Warburgiella leucocytus
(Müll.Hal.) B.C.Tan, W.B.Schofield & H.P.RamsayAutoicous. Mats on logs and tree trunks, pale green to pale yellow-brown. Stems to 4 cm long, subpinnately and densely branched, red-brown, with red-brown rhizoids frequent along underside. Leaves strongly falcate-secund, lanceolate, 1–1.8 mm long, 0.2–0.35 mm wide; apex acuminate; margins entire or slightly denticulate near apex, plane or narrowly recurved near middle; cells linear, 40–75 (–120) μm long, 4–7 μm wide, smaller near apex and base where as short as 32 μm long, weakly papillose; alar cells abruptly differentiated, 3 or 4, inflated, oblong-rounded, 32–63 μm long, 12–28 μm wide, with a few subquadrate or oblong cells above.
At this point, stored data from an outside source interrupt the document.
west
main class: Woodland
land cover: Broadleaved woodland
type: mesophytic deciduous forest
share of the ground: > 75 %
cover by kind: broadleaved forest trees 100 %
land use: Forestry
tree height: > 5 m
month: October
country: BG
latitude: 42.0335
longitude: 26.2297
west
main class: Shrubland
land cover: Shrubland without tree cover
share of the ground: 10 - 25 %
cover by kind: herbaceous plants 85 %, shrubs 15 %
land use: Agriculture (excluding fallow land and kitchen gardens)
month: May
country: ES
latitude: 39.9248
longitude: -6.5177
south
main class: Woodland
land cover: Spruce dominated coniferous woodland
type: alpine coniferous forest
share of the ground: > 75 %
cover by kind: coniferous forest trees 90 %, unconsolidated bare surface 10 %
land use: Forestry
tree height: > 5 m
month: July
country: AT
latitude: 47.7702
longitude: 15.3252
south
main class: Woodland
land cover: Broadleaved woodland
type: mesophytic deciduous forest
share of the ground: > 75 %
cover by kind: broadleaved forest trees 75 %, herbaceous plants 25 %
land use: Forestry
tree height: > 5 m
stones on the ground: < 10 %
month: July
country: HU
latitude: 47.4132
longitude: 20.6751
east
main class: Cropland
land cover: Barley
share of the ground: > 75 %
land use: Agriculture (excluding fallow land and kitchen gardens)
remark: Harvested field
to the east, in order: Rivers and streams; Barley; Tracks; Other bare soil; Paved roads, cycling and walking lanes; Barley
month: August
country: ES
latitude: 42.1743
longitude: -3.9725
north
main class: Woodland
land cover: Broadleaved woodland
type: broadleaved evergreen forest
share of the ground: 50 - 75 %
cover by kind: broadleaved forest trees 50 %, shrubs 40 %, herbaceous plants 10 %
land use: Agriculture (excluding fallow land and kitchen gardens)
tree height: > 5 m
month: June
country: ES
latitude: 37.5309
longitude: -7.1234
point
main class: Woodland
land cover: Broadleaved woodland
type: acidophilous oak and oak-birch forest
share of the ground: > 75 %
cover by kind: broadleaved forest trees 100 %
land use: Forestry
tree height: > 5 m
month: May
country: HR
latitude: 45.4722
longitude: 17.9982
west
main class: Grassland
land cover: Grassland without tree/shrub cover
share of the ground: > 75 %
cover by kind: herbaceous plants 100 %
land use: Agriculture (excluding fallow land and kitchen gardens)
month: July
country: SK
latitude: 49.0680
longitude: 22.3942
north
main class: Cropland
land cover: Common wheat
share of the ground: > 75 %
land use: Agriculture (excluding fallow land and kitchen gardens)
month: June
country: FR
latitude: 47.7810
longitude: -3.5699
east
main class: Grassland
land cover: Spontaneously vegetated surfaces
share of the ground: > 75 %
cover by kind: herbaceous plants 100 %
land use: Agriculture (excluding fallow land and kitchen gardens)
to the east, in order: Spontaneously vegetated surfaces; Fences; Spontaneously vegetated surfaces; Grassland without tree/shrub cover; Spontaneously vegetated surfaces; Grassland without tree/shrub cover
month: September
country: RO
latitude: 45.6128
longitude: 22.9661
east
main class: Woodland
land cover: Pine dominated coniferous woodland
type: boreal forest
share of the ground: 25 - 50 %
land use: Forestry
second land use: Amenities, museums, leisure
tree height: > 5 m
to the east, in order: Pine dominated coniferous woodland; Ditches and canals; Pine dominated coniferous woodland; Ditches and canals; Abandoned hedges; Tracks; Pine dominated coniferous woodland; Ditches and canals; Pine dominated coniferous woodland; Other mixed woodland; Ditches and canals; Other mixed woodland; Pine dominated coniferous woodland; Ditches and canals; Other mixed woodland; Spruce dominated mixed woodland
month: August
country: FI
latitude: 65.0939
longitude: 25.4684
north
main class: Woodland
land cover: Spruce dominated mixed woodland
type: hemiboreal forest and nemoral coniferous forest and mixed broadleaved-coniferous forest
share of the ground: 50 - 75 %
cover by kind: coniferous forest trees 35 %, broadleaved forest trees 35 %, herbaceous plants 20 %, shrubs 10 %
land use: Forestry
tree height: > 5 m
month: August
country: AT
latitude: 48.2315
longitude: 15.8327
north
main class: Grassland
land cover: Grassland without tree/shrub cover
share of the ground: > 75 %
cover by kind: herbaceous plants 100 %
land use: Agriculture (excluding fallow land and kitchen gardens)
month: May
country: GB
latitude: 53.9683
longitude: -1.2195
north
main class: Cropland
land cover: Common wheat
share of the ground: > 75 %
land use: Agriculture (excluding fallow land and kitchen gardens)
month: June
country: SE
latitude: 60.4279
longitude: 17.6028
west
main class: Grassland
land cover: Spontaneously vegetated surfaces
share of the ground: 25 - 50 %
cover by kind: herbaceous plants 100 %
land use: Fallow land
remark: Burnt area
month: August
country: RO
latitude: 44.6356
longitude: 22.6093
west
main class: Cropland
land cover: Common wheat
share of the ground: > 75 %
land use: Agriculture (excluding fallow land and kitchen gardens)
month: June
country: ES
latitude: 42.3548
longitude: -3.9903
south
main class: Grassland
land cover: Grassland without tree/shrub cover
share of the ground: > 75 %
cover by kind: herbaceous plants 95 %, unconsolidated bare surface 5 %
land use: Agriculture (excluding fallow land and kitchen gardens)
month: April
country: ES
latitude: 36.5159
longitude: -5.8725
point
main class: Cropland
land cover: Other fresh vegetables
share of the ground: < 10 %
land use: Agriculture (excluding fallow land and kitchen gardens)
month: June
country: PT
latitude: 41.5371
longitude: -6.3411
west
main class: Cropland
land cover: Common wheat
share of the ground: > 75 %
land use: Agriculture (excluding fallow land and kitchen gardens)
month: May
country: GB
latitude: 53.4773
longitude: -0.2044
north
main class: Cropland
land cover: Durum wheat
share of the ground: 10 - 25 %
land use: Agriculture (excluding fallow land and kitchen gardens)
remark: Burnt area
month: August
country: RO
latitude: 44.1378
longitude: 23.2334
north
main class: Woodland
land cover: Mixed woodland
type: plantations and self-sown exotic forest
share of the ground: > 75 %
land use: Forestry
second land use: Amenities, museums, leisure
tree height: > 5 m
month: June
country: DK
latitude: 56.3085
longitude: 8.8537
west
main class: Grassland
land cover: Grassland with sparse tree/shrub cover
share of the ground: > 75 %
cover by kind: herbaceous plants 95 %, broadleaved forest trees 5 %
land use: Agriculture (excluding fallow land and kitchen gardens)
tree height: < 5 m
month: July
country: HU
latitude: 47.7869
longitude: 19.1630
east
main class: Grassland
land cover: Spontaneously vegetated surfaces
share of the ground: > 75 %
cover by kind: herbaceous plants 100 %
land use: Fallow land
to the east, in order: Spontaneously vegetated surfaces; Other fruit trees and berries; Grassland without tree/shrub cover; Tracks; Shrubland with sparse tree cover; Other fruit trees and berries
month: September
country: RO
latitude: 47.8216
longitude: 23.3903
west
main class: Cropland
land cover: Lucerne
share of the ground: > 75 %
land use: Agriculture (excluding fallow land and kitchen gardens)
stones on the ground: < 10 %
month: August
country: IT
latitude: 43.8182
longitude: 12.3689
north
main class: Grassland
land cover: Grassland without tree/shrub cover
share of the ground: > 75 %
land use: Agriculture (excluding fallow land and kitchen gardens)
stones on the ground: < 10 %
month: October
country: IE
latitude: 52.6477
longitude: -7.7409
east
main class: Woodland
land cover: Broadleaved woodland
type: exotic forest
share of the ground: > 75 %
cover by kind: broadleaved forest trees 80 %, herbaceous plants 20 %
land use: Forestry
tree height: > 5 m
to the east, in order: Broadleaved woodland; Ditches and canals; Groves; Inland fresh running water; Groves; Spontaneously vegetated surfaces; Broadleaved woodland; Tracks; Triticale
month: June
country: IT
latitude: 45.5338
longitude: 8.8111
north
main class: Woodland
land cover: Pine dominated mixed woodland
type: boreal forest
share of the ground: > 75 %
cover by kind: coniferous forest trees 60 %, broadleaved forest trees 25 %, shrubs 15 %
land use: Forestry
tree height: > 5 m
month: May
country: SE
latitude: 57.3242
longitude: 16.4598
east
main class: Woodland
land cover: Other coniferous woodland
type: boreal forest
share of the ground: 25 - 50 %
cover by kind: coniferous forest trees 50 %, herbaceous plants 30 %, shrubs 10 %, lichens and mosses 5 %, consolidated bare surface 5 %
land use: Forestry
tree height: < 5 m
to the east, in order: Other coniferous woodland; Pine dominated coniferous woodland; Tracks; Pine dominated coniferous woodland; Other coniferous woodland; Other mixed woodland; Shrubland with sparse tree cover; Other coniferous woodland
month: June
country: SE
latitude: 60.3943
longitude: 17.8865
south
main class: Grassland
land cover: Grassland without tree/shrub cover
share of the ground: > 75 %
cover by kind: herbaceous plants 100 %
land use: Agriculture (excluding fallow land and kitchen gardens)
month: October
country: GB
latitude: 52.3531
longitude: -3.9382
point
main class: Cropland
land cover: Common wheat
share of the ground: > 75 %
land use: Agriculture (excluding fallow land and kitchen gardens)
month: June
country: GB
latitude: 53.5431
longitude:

Perichaetial leaves acuminate to abruptly short-cuspidate, strongly toothed near apex. Setae 10–20 mm long, red, mammillose. Capsules oblong or ellipsoid, horizontal or pendent, straight, 0.9–1.5 mm long. Operculum rostrate from conic base, 0.9–1.5 mm long. Spores 10–15 μm long.
GleP, VVP, CVU, GGr, EGU, HSF, HNF, OtR, HFE, VAlp. Mostly in rainforest and fern gullies in the Otways, Dandenong Ranges, Yarra Ranges to Baw Baw Plateau, and East Gippsland but with some outlying records further west from sclerophyll forest and beside creeks and swamps. Also QLD, NSW and Tas. New Zealand and South America.